Missing values will be filled with the mean steps for each interval where a missing value exists. To achieve that, a temporary dataframe will be generated with an additional column containing the mean number of steps for the corresponding interval.

temp <- merge(activity, avgStepsPerInterval, by ="interval")
  1. Create a new dataset that is equal to the original dataset but with the missing data filled in

Then, still in the temporary dataframe, the steps column is filled with the mean steps if the original value is missing, and then the extra meanSteps column is removed to get a dataset the same as the original but with missing values filled in.

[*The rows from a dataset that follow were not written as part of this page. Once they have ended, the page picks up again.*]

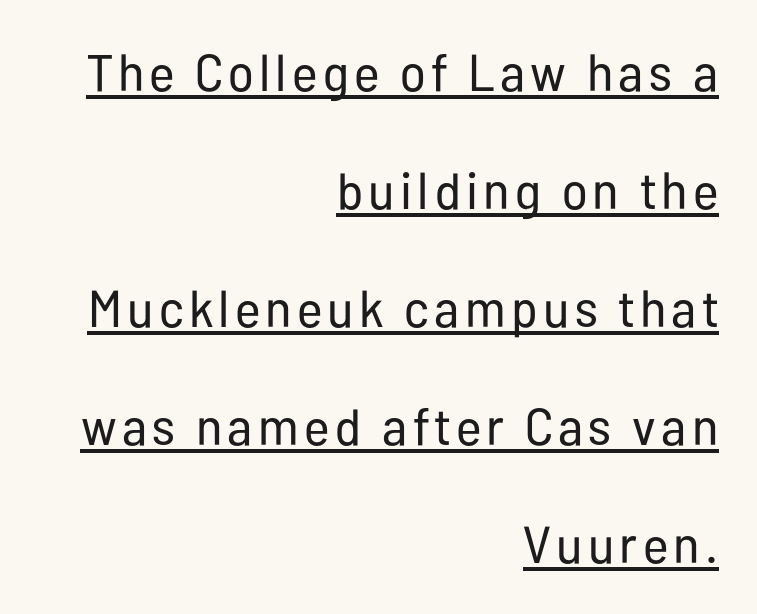
Q: Is the text bold? A: No.
Q: Is the text italic (slanted)? A: No, it is upright.
Q: Is the typeface a serif or a sans-serif typeface? A: Sans-serif.
Q: Is the text underlined? A: Yes.
Q: How is the paragraph aligned? A: Right-aligned.
Q: Is the spacing between lines tight, normal or loose? A: Loose.
Q: Width (condensed, normal, or wide)? A: Condensed.
Q: Stroke contrast? A: Low.
Q: x-height? A: Medium.
Q: Monospaced? A: No.
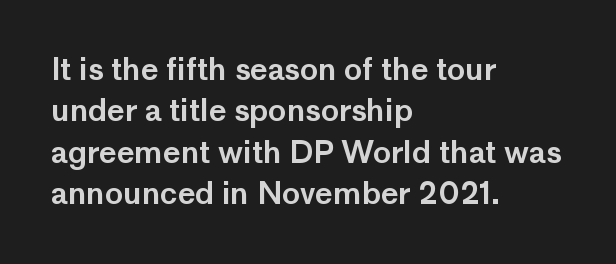
Posture: upright roman. The passage shown is typed in a proportional face where columns would drift. Standard letterfit; no display-style spreading of the glyphs. Glance below the letters and you will spot only blank space.
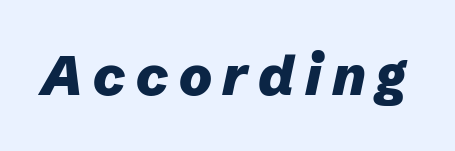
The image shows 55 px heavy type, italic (leaning right); set not underlined; low stroke contrast and a medium x-height.
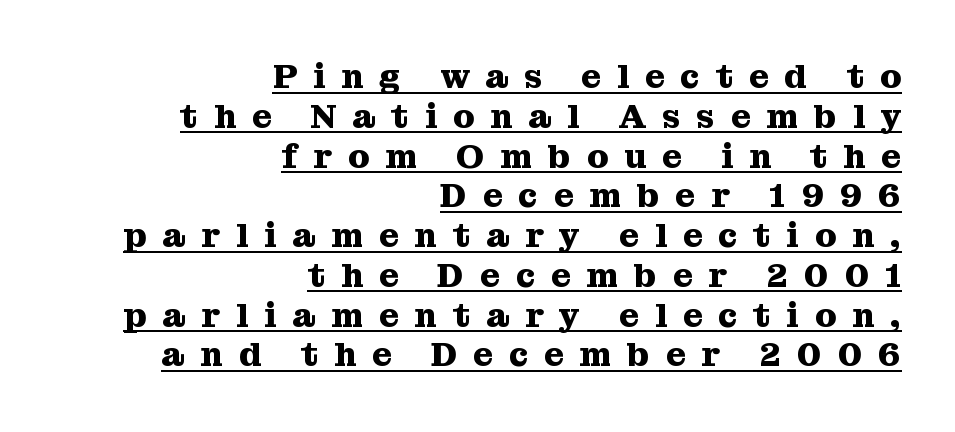
{"serif": "yes", "italic": "no", "bold": "yes", "weight": "heavy", "width": "normal", "stroke_contrast": "medium", "x_height": "medium", "monospaced": "no", "underline": "yes", "align": "right", "line_spacing_ratio": 1.17, "letter_spacing": "wide", "letter_spacing_em": 0.47, "glyph_px": 34}
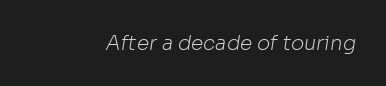
The image shows 20 px text type; set normal letter spacing, not underlined.
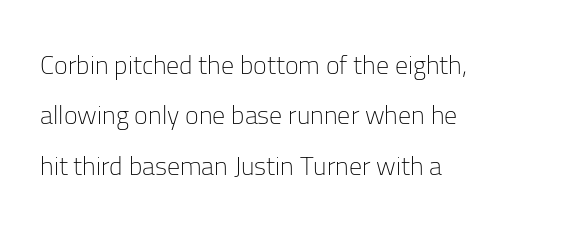
The font's upright variant was chosen for this text. This sample is left-justified, so line endings fall wherever the words run out. Honestly, the letter spacing is just normal — you wouldn't notice it. A clean baseline with only descenders dipping below it.
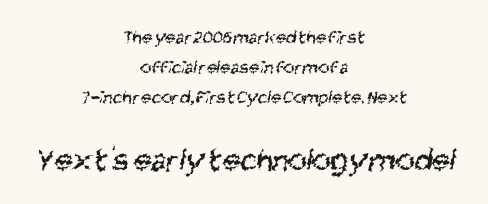
A typesetter would call this proportional, since set widths differ per character. Underline: absent. Top chunk: small. Bottom chunk: large. Is this a sans? Yes — the strokes have no serifs. The typesetting does not lean heavy: it is not bold. The face used here is rendered with its standard letterfit.
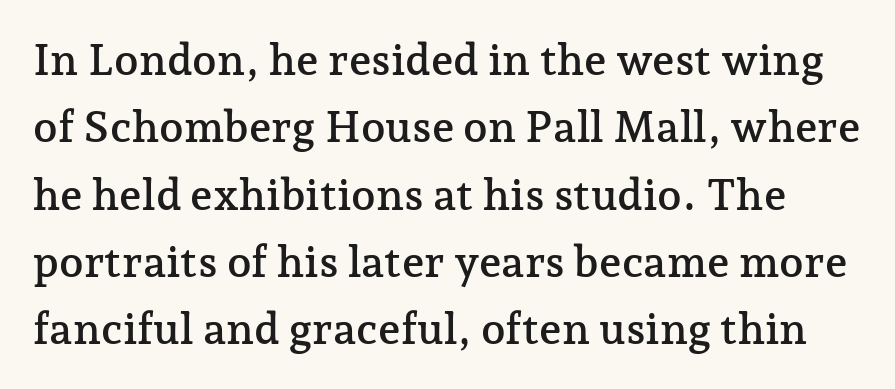
{"serif": "yes", "italic": "no", "width": "normal", "stroke_contrast": "low", "x_height": "medium", "monospaced": "no", "underline": "no", "line_spacing": "normal", "line_spacing_ratio": 1.53, "letter_spacing": "normal", "letter_spacing_em": 0.0, "glyph_px": 44}
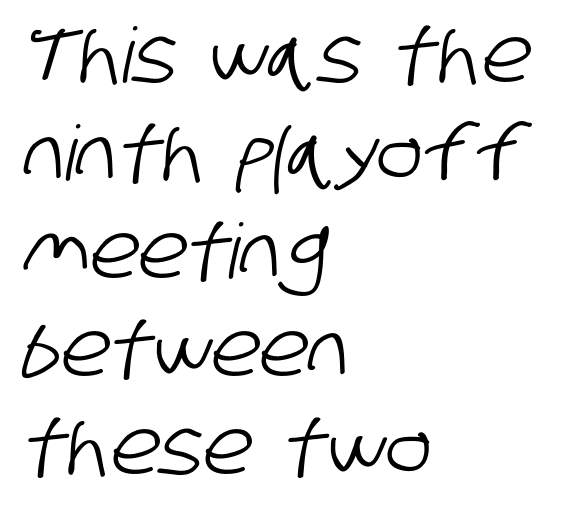
{"serif": "no", "width": "condensed", "stroke_contrast": "low", "x_height": "large", "monospaced": "no", "underline": "no", "align": "left", "line_spacing": "normal", "line_spacing_ratio": 1.29, "letter_spacing": "normal", "letter_spacing_em": 0.0, "glyph_px": 76}
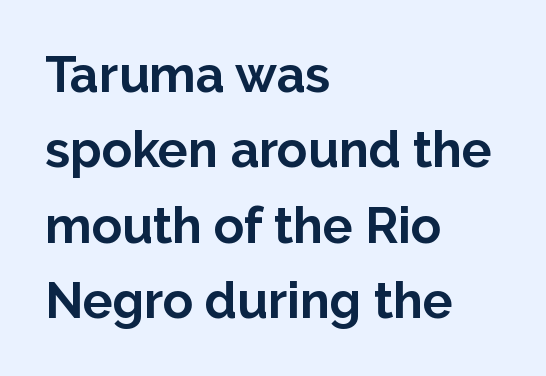
{"serif": "no", "italic": "no", "bold": "yes", "weight": "bold", "width": "normal", "stroke_contrast": "low", "x_height": "medium", "monospaced": "no", "underline": "no", "align": "left", "line_spacing": "normal", "line_spacing_ratio": 1.51, "letter_spacing": "normal", "letter_spacing_em": 0.0, "glyph_px": 50}
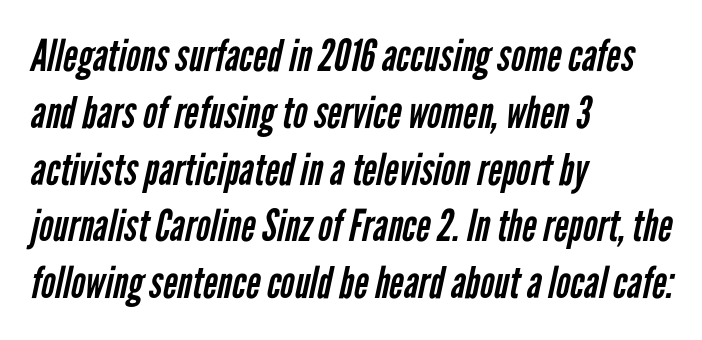
Is this a sans? Yes — the strokes have no serifs. The face used here is proportionally spaced, like ordinary book or web type. One-word summary of the alignment: left. The face used here is rendered with its standard letterfit. Only glyphs here, with clear space below each row. The cut favours lightness, reaching ordinary text weight at its darkest.
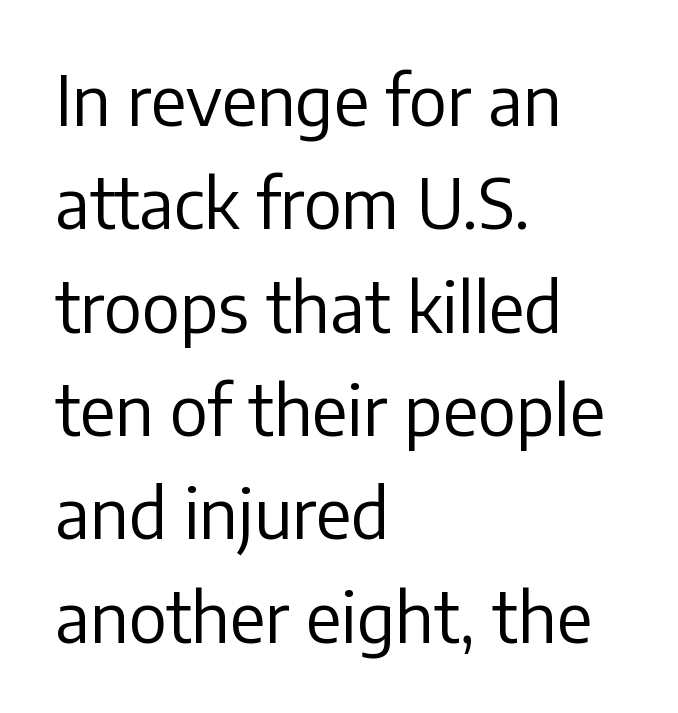
Layout note: lines flush left. You could not count columns in this text — the font is proportionally spaced. The font is comparable to plain body text, perhaps lighter. Designer's note — italics off, roman on. No feet cap the strokes, marking this as sans-serif type.
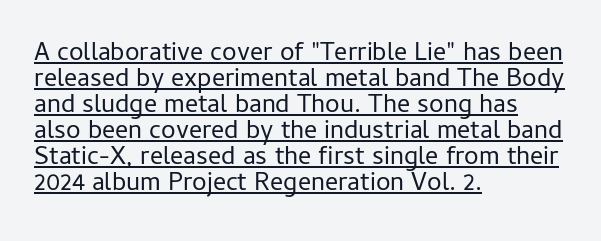
The axis of the letterforms is exactly vertical. Tracking value appears to be zero — textbook default spacing. Each line of the rendering has a horizontal stroke beneath the glyphs. The vertical gap from one line to the next is small.
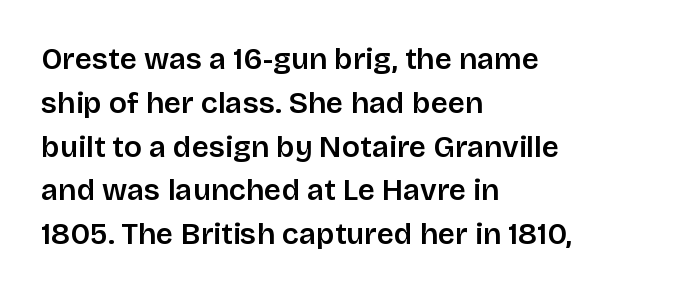
The image shows 30 px sans-serif type, upright; set left-aligned, normal line spacing (1.46x), normal letter spacing, not underlined; low stroke contrast and a large x-height.
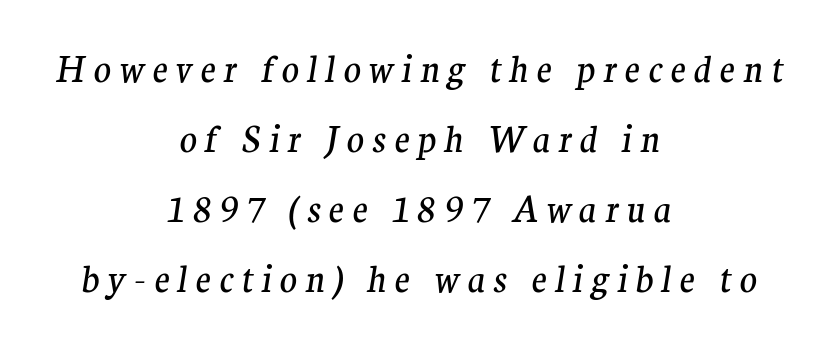
Regarding leading, the lines here are spaced well apart. Horizontal alignment here is central, giving a formal, balanced look. Examine the stroke ends and you'll spot serifs. Letter spacing: wide. Check the space under the baseline: it is left empty. Do the characters align in a grid? No, the font is proportional.
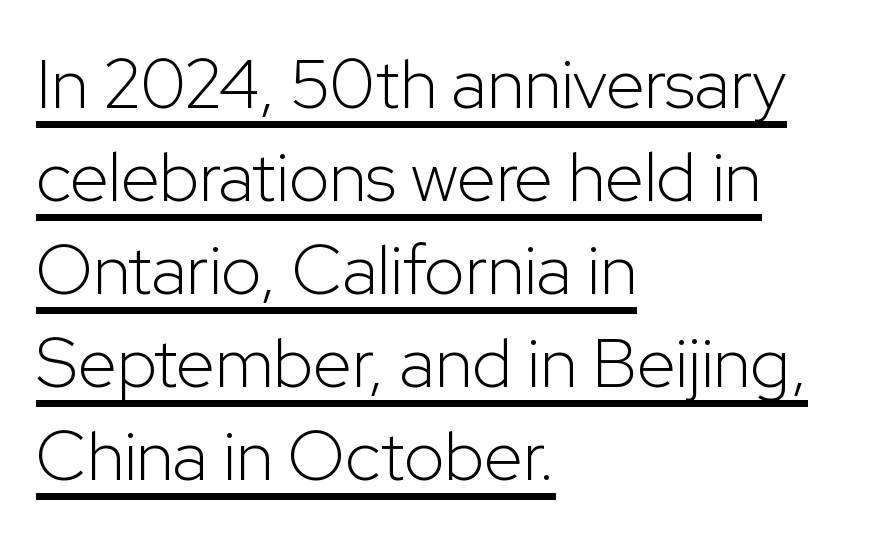
{"serif": "no", "italic": "no", "bold": "no", "weight": "light", "width": "normal", "stroke_contrast": "low", "x_height": "medium", "monospaced": "no", "underline": "yes", "align": "left", "line_spacing": "normal", "line_spacing_ratio": 1.33, "letter_spacing": "normal", "letter_spacing_em": 0.0, "glyph_px": 70}
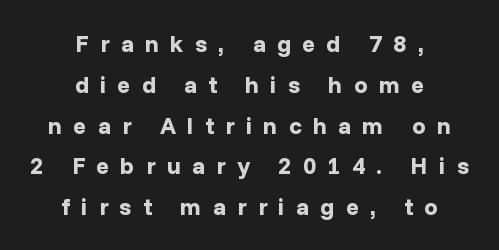
Q: Is the text bold? A: Yes.
Q: Is the text italic (slanted)? A: No, it is upright.
Q: Is the text underlined? A: No.
Q: How is the paragraph aligned? A: Centered.
Q: Is the spacing between letters normal or unusually wide? A: Unusually wide.
Q: Is the spacing between lines tight, normal or loose? A: Normal.
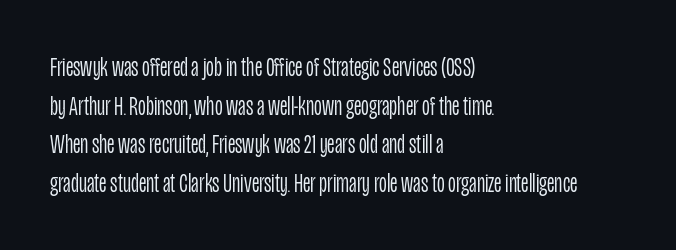
The image shows 27 px text type, upright; set left-aligned, normal line spacing (1.43x), normal letter spacing, not underlined.
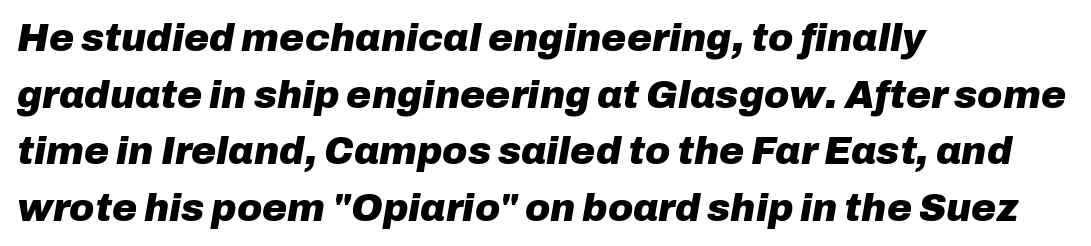
Designer's note — italics engaged. The paragraph has a hard left edge and a soft right edge. You'd pick this weight for a headline — it's a proper bold. The face used here is proportionally spaced, like ordinary book or web type.
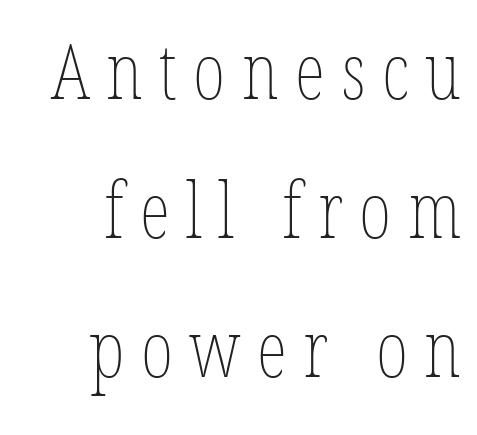
Varying glyph widths throughout — classic text-font behaviour. The type is letterspaced generously, with wide tracking. These lines stack with their right ends in a neat column. Has an underline been added? It has not. You can tell it's not italic because the verticals are truly vertical.
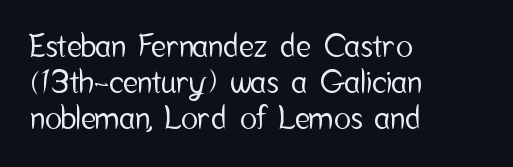
{"serif": "no", "italic": "no", "width": "condensed", "stroke_contrast": "low", "x_height": "medium", "monospaced": "no", "underline": "no", "align": "left", "line_spacing": "tight", "line_spacing_ratio": 1.12, "letter_spacing": "normal", "letter_spacing_em": 0.0, "glyph_px": 32}

temp$steps <- ifelse(is.na(temp$steps), temp$meanSteps, temp$steps)
activityFilled <- temp[,1:4]
  1. Make a histogram of the total number of steps taken each day

The same histogram as for question 1 is drawn, but with filled data:

stepsPerDayFilled <- aggregate(activityFilled$steps, by=list(Day = activityFilled$date), FUN = sum, na.rm = T)
qplot(stepsPerDayFilled$x, binwidth = 1000, xlab = "Total number of steps taken per day (with missing values filled)")

  1. Calculate and report the mean and median total number of steps taken per day.
stepsMeanF <- mean(stepsPerDayFilled$x, na.rm = T)
stepsMedianF <- median(stepsPerDayFilled$x, na.rm = T)

After filling missing values, the mean is 10766.19 and the median is 10766.19.

So, to sum up,

With NAs Without NAs
mean 9354.23 10766.19
median 10395 10766.19

the values do differ slightly, specially regarding the mean. Also, after filling missing values, mean and median are the same.

Are there differences in activity patterns between weekdays and weekends?

  1. Create a new factor variable in the dataset with two levels -- "weekday" and "weekend" indicating whether a given date is a weekday or weekend day
dayType <- function(x) {
  switch(x,
         'lunes'='weekday',
         'martes'='weekday',
         'miércoles'='weekday',
         'jueves'='weekday',
         'viernes'='weekday',
         'sábado'='weekend',
         'domingo'='weekend')
}
activityFilled$weekend = sapply(weekdays(activity$date), dayType)
  1. Make a panel plot containing a time series plot of the 5-minute interval (x-axis) and the average number of steps taken, averaged across all weekday days or weekend days (y-axis).
activityFilledDailyMean <- aggregate(activityFilled$steps, by = list(interval=activityFilled$interval, weekend=activityFilled$weekend), mean)

ggplot(activityFilledDailyMean, aes(interval,x) ) +
  geom_line(colour="#333333", size = 1.1) +
  facet_grid(weekend ~ .)

There are slight differences between weekdays and weekends, with the former getting more steps in the earliest hours of the day (possibl due to commutes to work) and weekends having more rest periods.